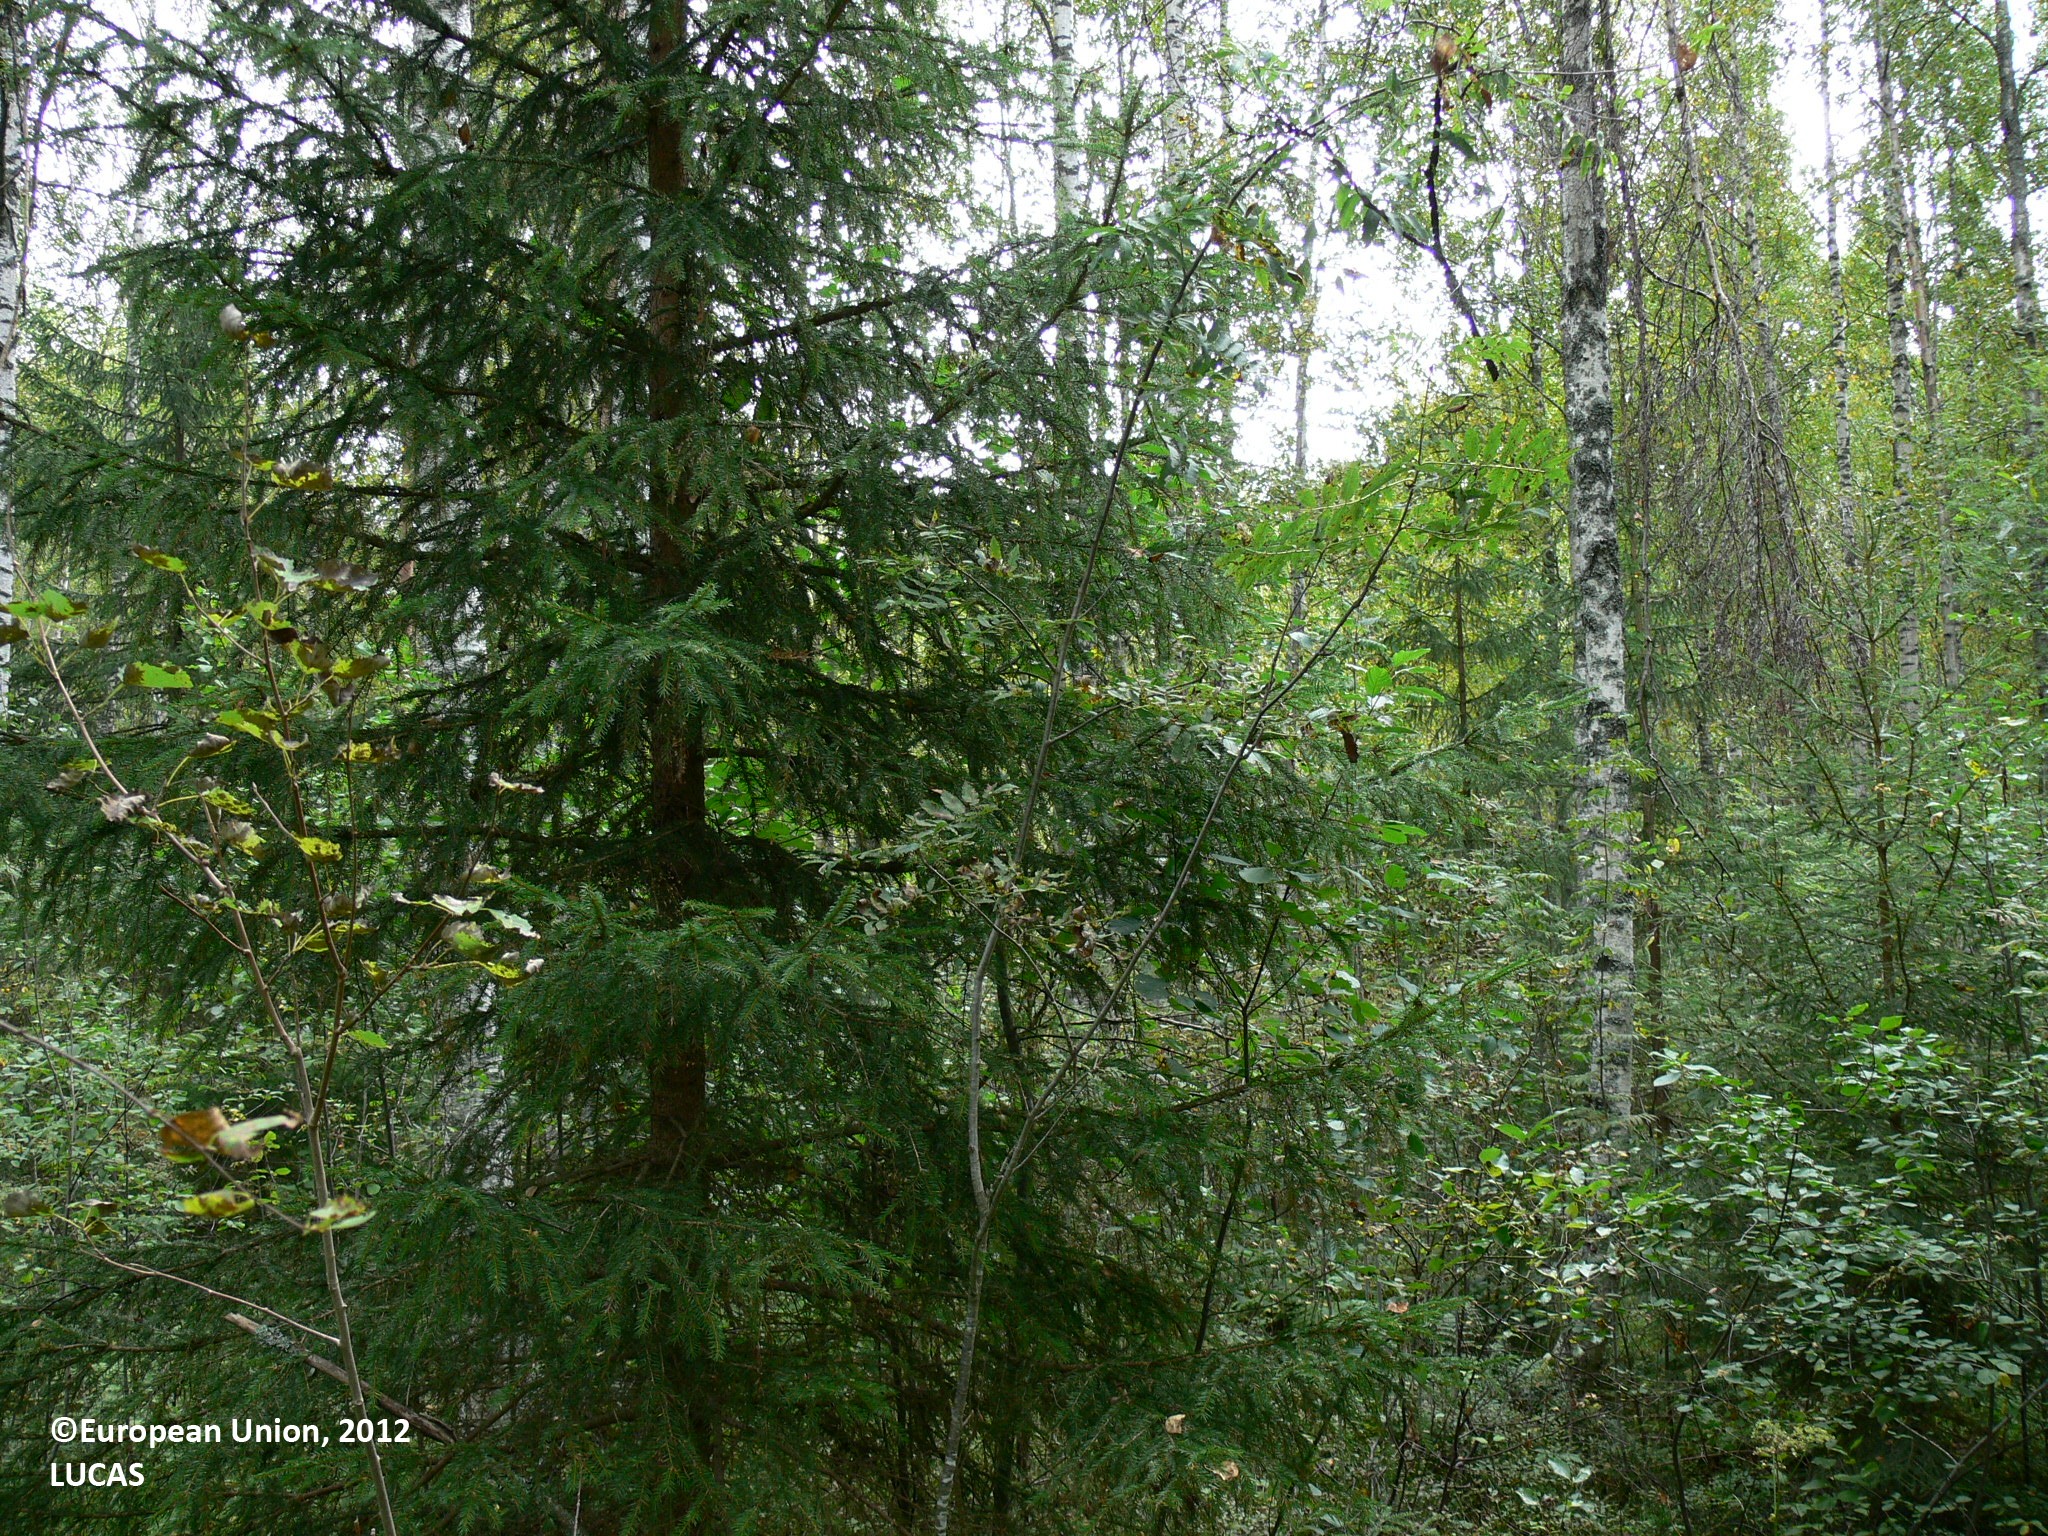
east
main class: Woodland
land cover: Other mixed woodland
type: boreal forest
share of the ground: > 75 %
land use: Forestry
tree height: > 5 m
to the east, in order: Other mixed woodland; Spruce dominated mixed woodland; Grass margins; Tracks; Grass margins; Spruce dominated mixed woodland; Other mixed woodland; Grass margins; Tracks; Grass margins; Artificial constructions in urban areas; Spruce dominated mixed woodland
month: August
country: FI
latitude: 62.0228
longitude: 30.2046
____
### What is needed:
Would you transcribe, exactly, the lines running from the one that contains "main class: Woodland" through the final line of the listing above? Include both ends and nothing else.

### Written response:
main class: Woodland
land cover: Other mixed woodland
type: boreal forest
share of the ground: > 75 %
land use: Forestry
tree height: > 5 m
to the east, in order: Other mixed woodland; Spruce dominated mixed woodland; Grass margins; Tracks; Grass margins; Spruce dominated mixed woodland; Other mixed woodland; Grass margins; Tracks; Grass margins; Artificial constructions in urban areas; Spruce dominated mixed woodland
month: August
country: FI
latitude: 62.0228
longitude: 30.2046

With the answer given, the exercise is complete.